__SUPPLIED ENTRIES__.
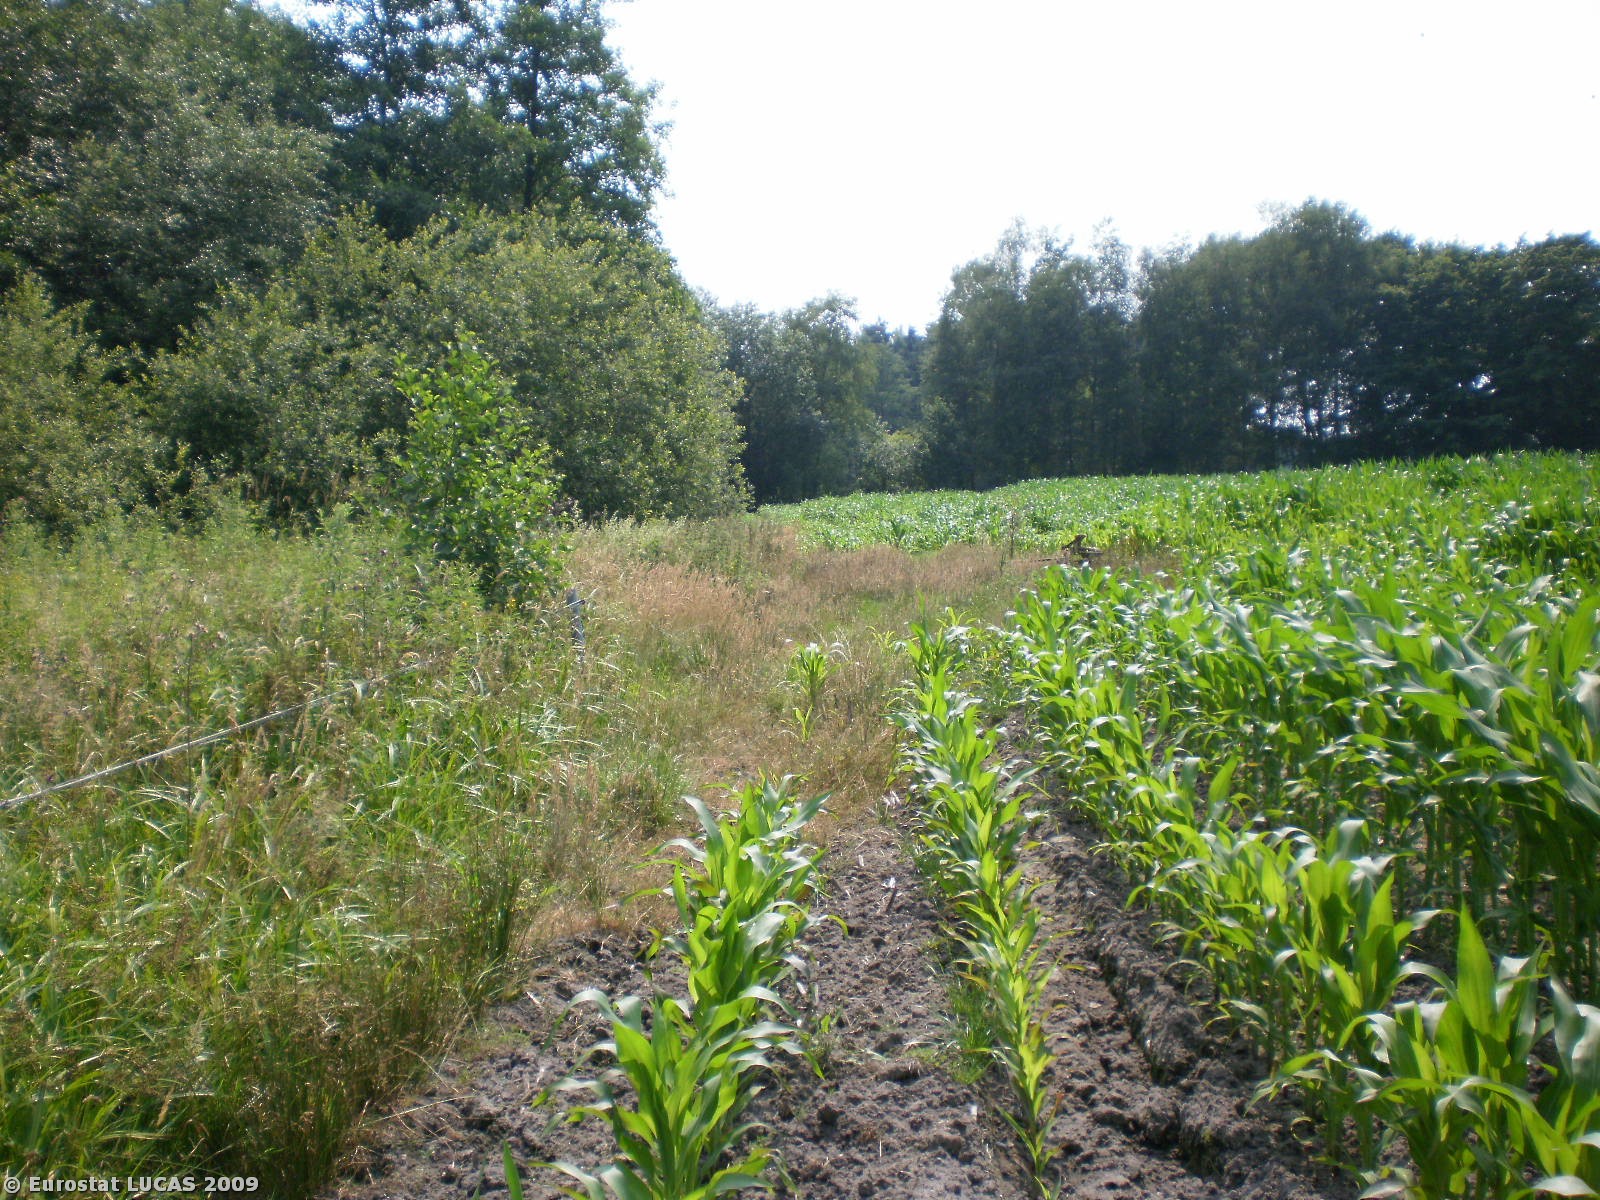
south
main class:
==
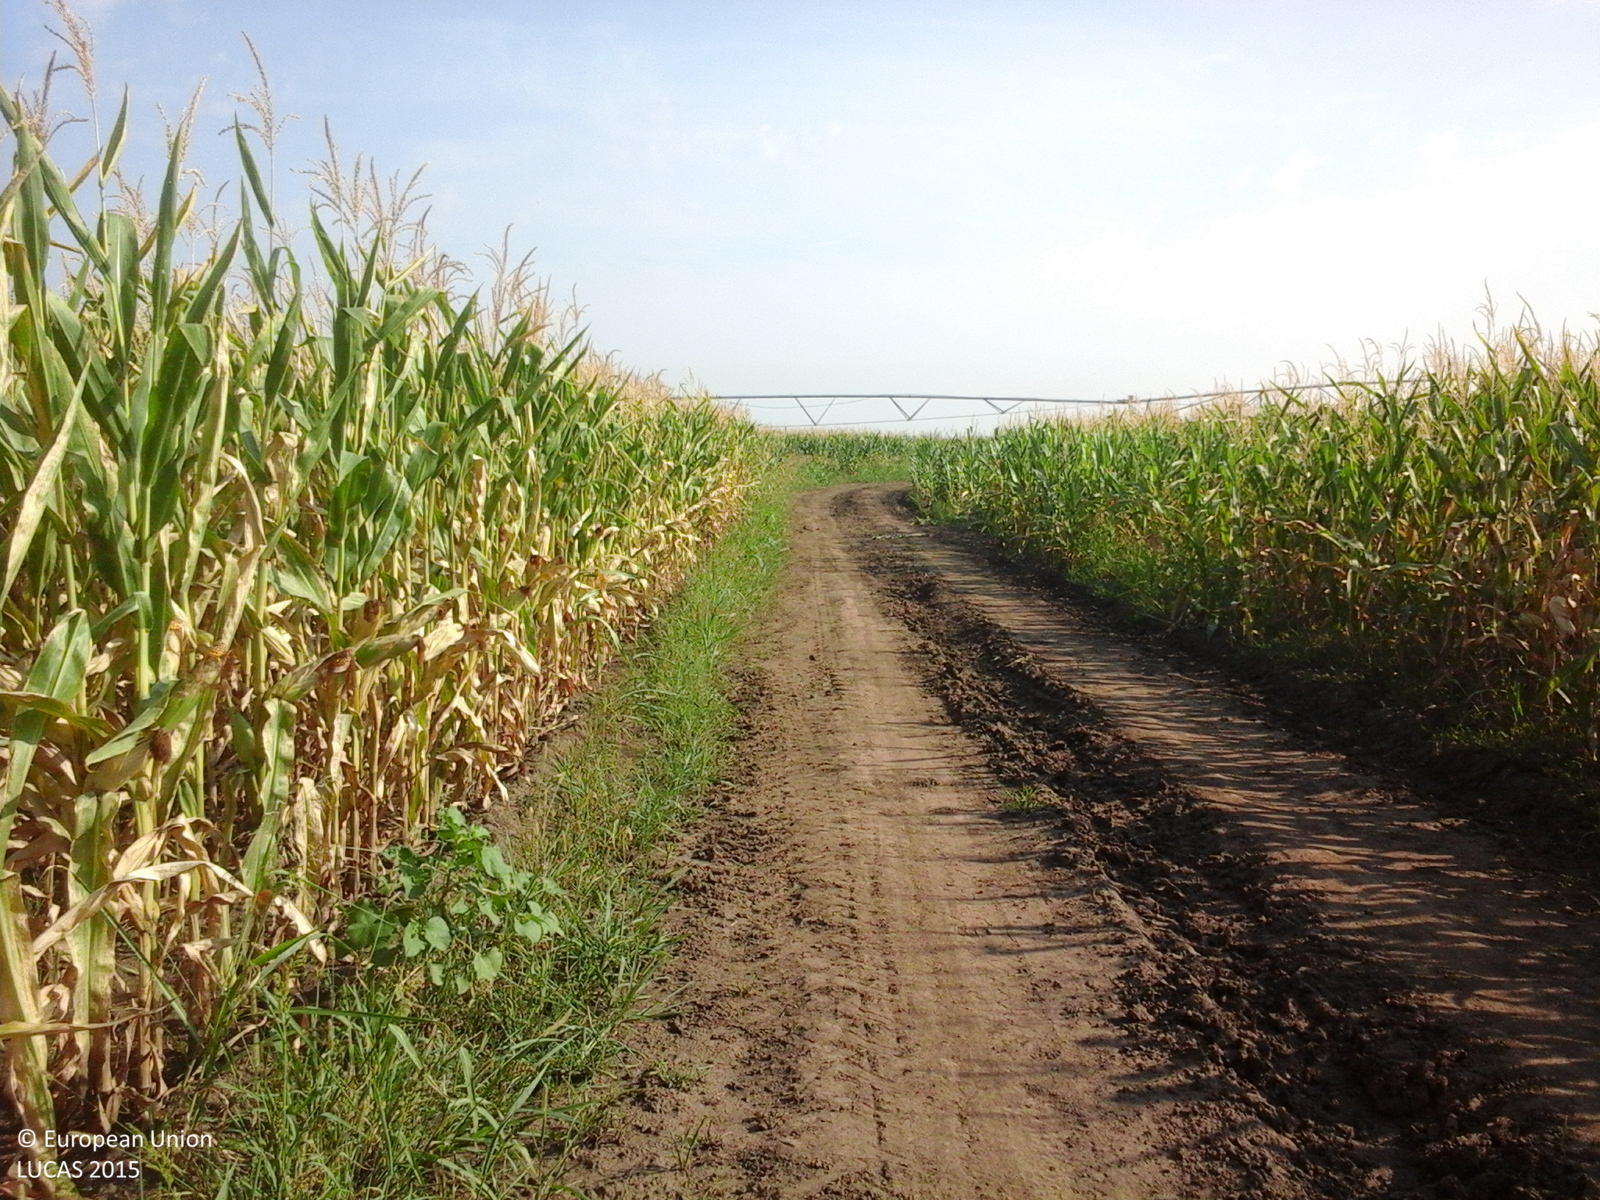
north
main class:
--
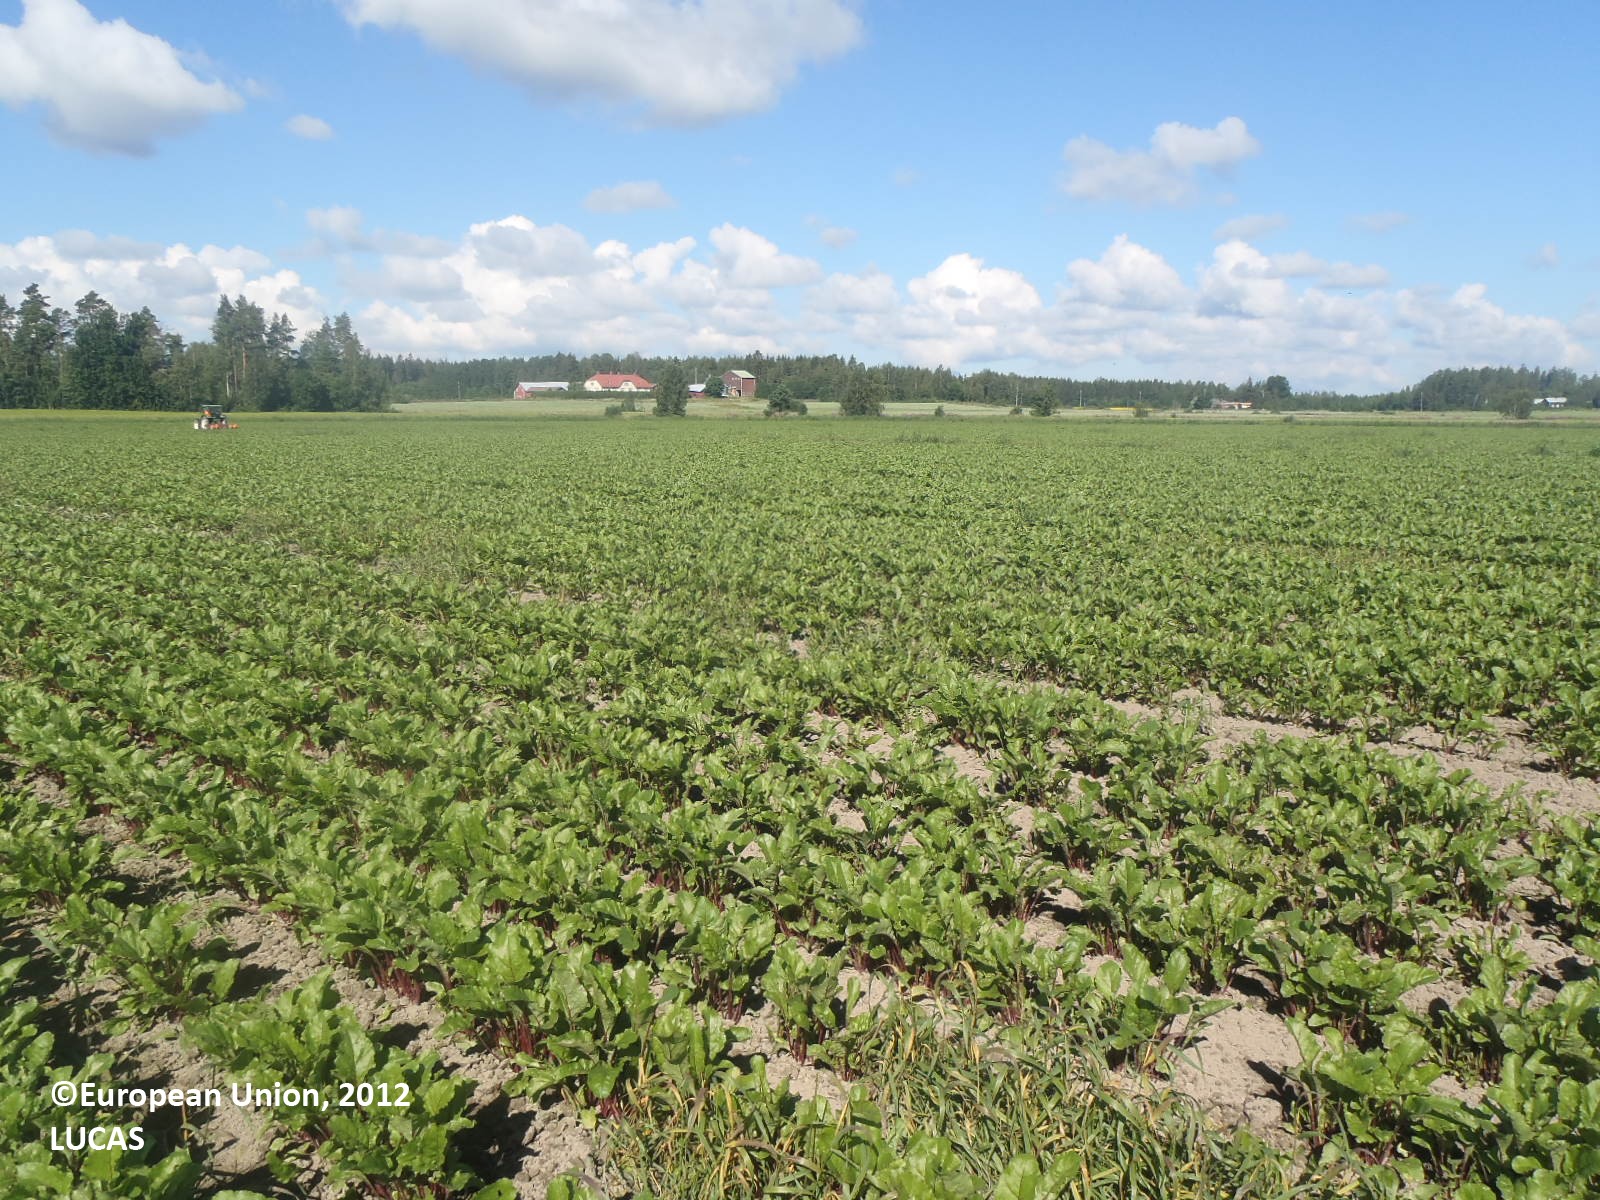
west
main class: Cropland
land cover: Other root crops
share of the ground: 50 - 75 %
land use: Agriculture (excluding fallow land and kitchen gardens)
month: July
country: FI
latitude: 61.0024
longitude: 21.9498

__EXERCISE INSTRUCTIONS__. Copy out the range of lines above starting at the line with "share of the ground: 50 - 75 %" and ending at the line with "longitude: 21.9498", exactly and including both.

__SOLUTION TO THE PROBLEM__.
share of the ground: 50 - 75 %
land use: Agriculture (excluding fallow land and kitchen gardens)
month: July
country: FI
latitude: 61.0024
longitude: 21.9498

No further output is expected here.